Hybrid Channels Spark Marketing Wins

What do football’s Bill Belichick and baseball’s Joe Torre have in common? Besides a boatload of championships, these coaches strive for day-to-day team excellence by expertly analyzing and adjusting their lineups – achieving the optimal mix for any on-field situation. Getting the mix right doesn’t just apply to sports.

Not long ago, IBM’s marketers evaluated the mix of channels that drove leads through www.ibm.com, the site responsible for generating one-third of its sales leads. Despite that statistic, the marketers thought that the Web site’s efficiency and overall yield could be improved. IBM set out to analyze, readjust and optimize its output.

The results? One pilot program generated 400 percent improvement in demand generation versus the control group and historical performance data. A similarly crafted pilot saw a 200 percent rise in Web hits and a 500 percent increase in leads for follow-up. Overall, the site often can achieve conversion rates of 5 percent, dwarfing the industry average of 1 percent to 2 percent.

This was accomplished by a “hybrid” channel strategy: that is, linking two or more channels, such as the Internet, telesales, direct and field sales, to drive leads and sales in the best possible ways. In this case, the careful melding of telesales efforts with those of ibm.com helped build the site into a finely tuned lead generation machine. The ibm.com numbers illustrate that hybrid channel models deliver results that move the revenue needle and affect stock prices. A hybrid mix of channels working well can reduce selling costs 20 percent to 30 percent and may even cut them in half.

With marketers pressured to increase efficiencies and drive optimal results, those positive outcomes offer a career life preserver. An analytical outlook, combined with a robust marketing measurement model, is bound to improve business results and yield real numbers to parade in the boardroom as proof of marketing’s success.

A leading global communications company decided to analyze its go-to-market strategy. Needing to fill its sales and marketing funnel with more qualified leads, yet reduce costs, the company last year unveiled a tele-Web hybrid strategy that harnesses customers into the sales pipeline and nurtures them toward a buy. The number of leads in the pipeline doubled, telesales and sales staff account revenue increased up to 25 percent and, because of the efficiency of the channel, the sales staff has more time to cover important existing accounts.

Developing hybrid models is complex, and key questions should be raised during planning: Should each channel be required to produce end-to-end sales, or should certain channels provide only a component of the sales process? Should multiple channels overlap and potentially compete for the same customers, or should each be assigned its own unique product/market? Sound hybrid models are based on five principles:

Customers choose channels. Too often both marketing and sales executives do a “land grab” to define the specific customers and markets they want to “own.” However, customers may not buy the way you want to sell. You must provide channel choice to serve the market. If your largest account wants to buy through the Web or a distributor as opposed to your field sales rep, what are you going to do, say no?

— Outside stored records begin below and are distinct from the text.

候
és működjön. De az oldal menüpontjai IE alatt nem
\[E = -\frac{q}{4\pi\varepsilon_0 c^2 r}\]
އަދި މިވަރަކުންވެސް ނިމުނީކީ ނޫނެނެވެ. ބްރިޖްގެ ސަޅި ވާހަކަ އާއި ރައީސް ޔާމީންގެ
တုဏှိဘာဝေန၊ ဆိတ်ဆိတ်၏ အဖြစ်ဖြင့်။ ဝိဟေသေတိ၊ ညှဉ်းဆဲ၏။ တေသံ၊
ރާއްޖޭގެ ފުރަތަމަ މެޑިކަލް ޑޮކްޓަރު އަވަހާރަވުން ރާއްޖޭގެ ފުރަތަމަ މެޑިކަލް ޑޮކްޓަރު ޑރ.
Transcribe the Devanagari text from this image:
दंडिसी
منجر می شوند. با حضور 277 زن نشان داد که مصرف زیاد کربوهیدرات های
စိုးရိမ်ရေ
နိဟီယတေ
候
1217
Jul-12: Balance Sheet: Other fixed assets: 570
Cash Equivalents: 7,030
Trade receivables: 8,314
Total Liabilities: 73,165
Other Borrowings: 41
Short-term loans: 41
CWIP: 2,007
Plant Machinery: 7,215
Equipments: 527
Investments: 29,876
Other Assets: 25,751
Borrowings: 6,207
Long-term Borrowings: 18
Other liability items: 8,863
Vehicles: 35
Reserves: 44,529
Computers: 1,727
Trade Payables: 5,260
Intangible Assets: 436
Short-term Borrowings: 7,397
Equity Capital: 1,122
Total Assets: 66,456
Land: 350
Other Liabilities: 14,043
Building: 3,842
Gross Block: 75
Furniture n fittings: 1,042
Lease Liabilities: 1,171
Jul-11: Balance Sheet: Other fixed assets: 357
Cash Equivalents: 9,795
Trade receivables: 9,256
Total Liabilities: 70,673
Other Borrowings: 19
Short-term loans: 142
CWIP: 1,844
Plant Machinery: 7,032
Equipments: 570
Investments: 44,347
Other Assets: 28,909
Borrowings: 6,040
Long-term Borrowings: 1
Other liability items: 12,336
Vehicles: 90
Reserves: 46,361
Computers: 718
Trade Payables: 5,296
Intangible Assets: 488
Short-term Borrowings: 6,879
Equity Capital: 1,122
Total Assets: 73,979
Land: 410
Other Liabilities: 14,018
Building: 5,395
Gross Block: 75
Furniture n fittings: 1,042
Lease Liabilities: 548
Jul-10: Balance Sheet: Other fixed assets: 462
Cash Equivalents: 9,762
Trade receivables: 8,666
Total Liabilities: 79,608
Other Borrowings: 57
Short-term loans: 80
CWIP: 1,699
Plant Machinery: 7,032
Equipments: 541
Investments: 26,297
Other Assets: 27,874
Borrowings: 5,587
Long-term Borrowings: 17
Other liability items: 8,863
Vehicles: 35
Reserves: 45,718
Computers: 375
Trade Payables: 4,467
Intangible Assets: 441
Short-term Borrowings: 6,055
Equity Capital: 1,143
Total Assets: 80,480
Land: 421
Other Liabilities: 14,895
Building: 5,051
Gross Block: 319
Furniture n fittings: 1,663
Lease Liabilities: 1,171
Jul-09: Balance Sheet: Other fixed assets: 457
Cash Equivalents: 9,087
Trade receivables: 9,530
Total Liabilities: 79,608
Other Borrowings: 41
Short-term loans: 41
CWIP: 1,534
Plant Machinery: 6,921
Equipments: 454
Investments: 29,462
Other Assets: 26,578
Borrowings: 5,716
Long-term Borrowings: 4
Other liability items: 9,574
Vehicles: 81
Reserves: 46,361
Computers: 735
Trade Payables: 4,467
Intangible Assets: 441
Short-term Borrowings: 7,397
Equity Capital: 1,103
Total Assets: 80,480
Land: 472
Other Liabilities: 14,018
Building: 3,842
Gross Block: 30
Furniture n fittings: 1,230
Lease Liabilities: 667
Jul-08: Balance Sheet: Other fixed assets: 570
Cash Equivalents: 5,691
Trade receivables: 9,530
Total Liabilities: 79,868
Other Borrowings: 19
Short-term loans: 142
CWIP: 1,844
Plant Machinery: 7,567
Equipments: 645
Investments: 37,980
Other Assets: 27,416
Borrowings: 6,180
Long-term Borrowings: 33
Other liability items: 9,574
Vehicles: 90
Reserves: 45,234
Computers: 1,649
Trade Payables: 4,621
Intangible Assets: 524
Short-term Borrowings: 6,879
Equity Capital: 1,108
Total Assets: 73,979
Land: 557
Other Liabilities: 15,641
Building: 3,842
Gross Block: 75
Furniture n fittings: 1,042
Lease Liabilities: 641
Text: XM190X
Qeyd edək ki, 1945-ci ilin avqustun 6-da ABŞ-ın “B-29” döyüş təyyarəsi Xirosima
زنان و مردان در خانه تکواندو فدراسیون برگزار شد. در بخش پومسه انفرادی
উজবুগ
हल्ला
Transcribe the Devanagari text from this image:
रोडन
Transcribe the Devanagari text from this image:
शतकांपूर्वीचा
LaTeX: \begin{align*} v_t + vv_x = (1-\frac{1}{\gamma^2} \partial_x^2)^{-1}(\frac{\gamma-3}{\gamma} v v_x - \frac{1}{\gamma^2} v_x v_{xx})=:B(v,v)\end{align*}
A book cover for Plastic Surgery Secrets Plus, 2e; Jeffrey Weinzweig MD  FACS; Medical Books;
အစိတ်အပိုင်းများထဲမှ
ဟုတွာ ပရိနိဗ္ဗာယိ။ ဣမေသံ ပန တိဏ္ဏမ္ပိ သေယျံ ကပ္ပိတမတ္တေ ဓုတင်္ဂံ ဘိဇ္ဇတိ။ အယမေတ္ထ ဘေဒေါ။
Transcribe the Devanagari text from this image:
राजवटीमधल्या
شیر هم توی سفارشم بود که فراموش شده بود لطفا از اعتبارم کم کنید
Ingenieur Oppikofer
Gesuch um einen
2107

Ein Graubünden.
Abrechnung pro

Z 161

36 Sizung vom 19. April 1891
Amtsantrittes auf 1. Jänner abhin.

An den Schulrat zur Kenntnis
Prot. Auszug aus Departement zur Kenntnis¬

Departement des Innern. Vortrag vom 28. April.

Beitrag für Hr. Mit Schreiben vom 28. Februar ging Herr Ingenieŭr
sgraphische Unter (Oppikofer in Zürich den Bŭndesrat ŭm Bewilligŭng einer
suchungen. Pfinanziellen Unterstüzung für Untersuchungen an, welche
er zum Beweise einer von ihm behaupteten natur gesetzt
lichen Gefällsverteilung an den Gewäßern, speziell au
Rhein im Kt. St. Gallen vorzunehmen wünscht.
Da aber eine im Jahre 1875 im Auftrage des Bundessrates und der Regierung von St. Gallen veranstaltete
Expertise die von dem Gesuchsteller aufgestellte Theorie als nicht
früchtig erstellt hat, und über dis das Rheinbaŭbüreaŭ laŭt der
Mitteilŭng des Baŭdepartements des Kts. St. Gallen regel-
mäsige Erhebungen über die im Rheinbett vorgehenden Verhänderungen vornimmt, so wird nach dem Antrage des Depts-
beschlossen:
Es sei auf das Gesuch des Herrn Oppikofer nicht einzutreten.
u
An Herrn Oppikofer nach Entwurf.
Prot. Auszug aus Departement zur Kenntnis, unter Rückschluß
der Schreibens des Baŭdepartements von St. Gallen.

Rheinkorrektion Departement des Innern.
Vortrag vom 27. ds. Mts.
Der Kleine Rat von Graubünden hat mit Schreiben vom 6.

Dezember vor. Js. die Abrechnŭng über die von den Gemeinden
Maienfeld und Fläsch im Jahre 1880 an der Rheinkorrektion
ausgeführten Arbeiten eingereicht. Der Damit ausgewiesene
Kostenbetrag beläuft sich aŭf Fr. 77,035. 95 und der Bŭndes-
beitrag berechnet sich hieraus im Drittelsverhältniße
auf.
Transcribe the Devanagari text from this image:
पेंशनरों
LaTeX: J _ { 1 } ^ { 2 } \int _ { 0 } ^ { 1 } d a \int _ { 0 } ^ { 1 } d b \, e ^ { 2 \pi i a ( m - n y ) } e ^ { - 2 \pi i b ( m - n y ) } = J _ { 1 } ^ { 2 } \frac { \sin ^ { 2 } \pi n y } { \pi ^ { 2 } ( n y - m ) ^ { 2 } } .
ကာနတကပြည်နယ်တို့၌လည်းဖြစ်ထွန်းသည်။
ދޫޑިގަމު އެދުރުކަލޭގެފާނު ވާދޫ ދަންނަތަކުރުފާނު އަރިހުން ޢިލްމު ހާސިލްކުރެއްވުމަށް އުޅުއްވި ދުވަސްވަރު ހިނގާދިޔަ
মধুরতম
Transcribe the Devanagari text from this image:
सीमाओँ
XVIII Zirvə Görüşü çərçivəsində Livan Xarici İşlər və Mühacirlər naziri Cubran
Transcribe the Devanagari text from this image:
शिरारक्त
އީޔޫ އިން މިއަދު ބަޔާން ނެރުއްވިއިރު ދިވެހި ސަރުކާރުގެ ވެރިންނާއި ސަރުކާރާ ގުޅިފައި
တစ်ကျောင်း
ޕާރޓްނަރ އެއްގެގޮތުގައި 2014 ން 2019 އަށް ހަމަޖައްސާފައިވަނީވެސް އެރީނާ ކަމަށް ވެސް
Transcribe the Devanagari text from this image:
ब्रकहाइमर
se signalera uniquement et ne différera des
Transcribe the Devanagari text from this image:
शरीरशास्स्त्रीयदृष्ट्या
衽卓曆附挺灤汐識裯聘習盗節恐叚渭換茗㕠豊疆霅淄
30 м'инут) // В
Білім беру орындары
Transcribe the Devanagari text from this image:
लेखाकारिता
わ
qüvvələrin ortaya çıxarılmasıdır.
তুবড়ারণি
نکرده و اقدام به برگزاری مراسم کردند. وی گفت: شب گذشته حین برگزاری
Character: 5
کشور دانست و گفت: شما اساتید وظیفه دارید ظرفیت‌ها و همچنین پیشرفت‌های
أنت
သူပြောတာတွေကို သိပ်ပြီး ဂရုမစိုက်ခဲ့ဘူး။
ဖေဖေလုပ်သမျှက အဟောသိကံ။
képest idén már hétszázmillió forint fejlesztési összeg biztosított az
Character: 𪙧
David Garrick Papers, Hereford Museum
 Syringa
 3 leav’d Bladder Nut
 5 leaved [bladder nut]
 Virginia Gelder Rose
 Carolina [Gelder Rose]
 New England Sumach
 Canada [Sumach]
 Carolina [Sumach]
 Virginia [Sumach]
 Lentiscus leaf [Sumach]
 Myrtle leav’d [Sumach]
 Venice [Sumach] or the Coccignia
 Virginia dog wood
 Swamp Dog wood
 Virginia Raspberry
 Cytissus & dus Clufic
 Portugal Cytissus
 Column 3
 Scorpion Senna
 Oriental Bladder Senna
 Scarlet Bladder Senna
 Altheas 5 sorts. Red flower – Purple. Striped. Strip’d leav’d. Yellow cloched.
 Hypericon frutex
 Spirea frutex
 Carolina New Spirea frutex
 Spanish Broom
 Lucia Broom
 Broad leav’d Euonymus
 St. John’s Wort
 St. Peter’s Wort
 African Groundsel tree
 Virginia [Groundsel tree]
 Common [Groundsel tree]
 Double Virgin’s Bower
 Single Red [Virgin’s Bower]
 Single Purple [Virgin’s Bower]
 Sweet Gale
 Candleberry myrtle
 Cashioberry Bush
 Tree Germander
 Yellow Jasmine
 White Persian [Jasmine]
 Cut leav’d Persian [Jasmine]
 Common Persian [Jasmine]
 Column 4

Customers will channel surf. “Channel surfing” is associated with buyers seeking the lowest price. In reality, customers tend to learn, compare, buy and access service in different channels. Interactive marketing technology and professional telesales centers are rapidly shifting the “learn,” “compare” and “service” stages of the customer-buying process away from field-based sales resources.

Align channels, set targets by pipeline stage. The best companies recognize that customers will use different channels at each stage of their sales pipeline, so they operationalize their hybrid models by assigning, say, the lead generation task and a specific lead generation quota to the Web and tele channels while giving the sales task and revenue quota to the field sales team.

Channel conflict must be managed, not eliminated. If you have no channel conflict, you probably aren’t covering the market adequately. Channel conflict around coverage and crediting needs to be managed but can’t be eliminated.

Transaction economics rule. Small transactions require low-cost, high-volume channels to be profitable. That’s why Dell can compete in the small business and home markets: It has world-class DM, online and telesales channels. Conversely, larger transactions need the value-added and selling skills of experienced field sales reps, and the margins on large deals allow for strong field sales investment and compensation plans.

It’s one thing to identify a few channels to serve a market; it’s another to figure out how to use those channels together to achieve true performance-driven marketing.